Problem to solve
When a picture appears in the listing, leave it out and copy the rest exactly as it stands.

Provided data
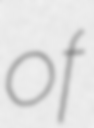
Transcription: of
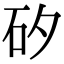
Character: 矽
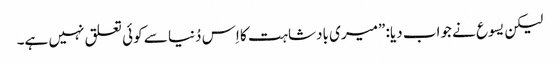
‏ لیکن یسوع نے جواب دیا:‏ ”‏میری بادشاہت کا اِس دُنیا سے کوئی تعلق نہیں ہے۔
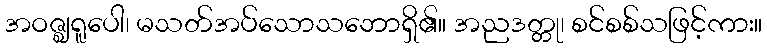
အဝဇ္ဈရူပေါ၊ မသတ်အပ်သောသဘောရှိ၏။ အညဒတ္တု၊ စင်စစ်သဖြင့်ကား။
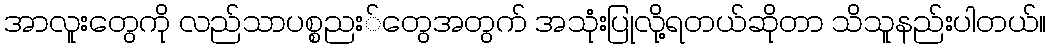
အာလူးတွေကို လည်သာပစ္စညး်တွေအတွက် အသုံးပြုလို့ရတယ်ဆိုတာ သိသူနည်းပါတယ်။
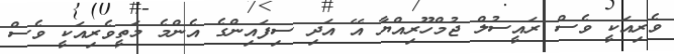
ވެރިއަކީ ވެސް ރައީސުލް ޖުމްހޫރިއްޔާ އޭ އަދި ސިފައިންގެ އެންމެ މަތީވެރިއަކީ ވެސް
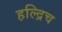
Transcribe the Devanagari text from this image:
हल्द्रिच
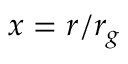
x = { r } / { r _ { g } }
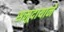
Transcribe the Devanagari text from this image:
समूदायाने
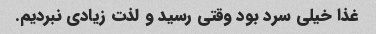
غذا خیلی سرد بود وقتی رسید و لذت زیادی نبردیم.
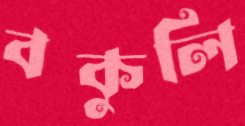
বকুলি
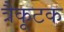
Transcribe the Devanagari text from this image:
त्रैकूटक
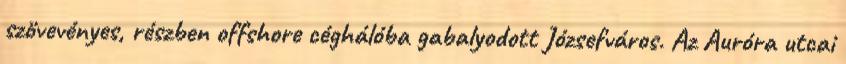
szövevényes, részben offshore céghálóba gabalyodott Józsefváros. Az Auróra utcai
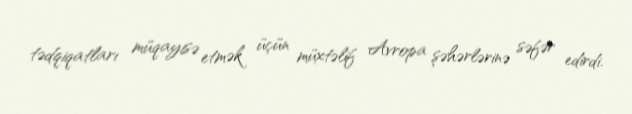
tədqiqatları müqayisə etmək üçün müxtəlif Avropa şəhərlərinə səfər edirdi.
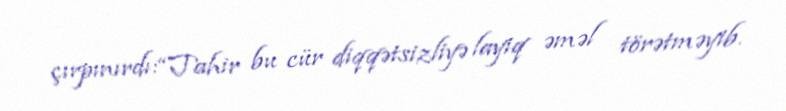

Expected answer
Transcription: of
Character: 矽
‏ لیکن یسوع نے جواب دیا:‏ ”‏میری بادشاہت کا اِس دُنیا سے کوئی تعلق نہیں ہے۔
အဝဇ္ဈရူပေါ၊ မသတ်အပ်သောသဘောရှိ၏။ အညဒတ္တု၊ စင်စစ်သဖြင့်ကား။
အာလူးတွေကို လည်သာပစ္စညး်တွေအတွက် အသုံးပြုလို့ရတယ်ဆိုတာ သိသူနည်းပါတယ်။
ވެރިއަކީ ވެސް ރައީސުލް ޖުމްހޫރިއްޔާ އޭ އަދި ސިފައިންގެ އެންމެ މަތީވެރިއަކީ ވެސް
Transcribe the Devanagari text from this image:
हल्द्रिच
x = { r } / { r _ { g } }
Transcribe the Devanagari text from this image:
समूदायाने
غذا خیلی سرد بود وقتی رسید و لذت زیادی نبردیم.
বকুলি
Transcribe the Devanagari text from this image:
त्रैकूटक
szövevényes, részben offshore céghálóba gabalyodott Józsefváros. Az Auróra utcai
tədqiqatları müqayisə etmək üçün müxtəlif Avropa şəhərlərinə səfər edirdi.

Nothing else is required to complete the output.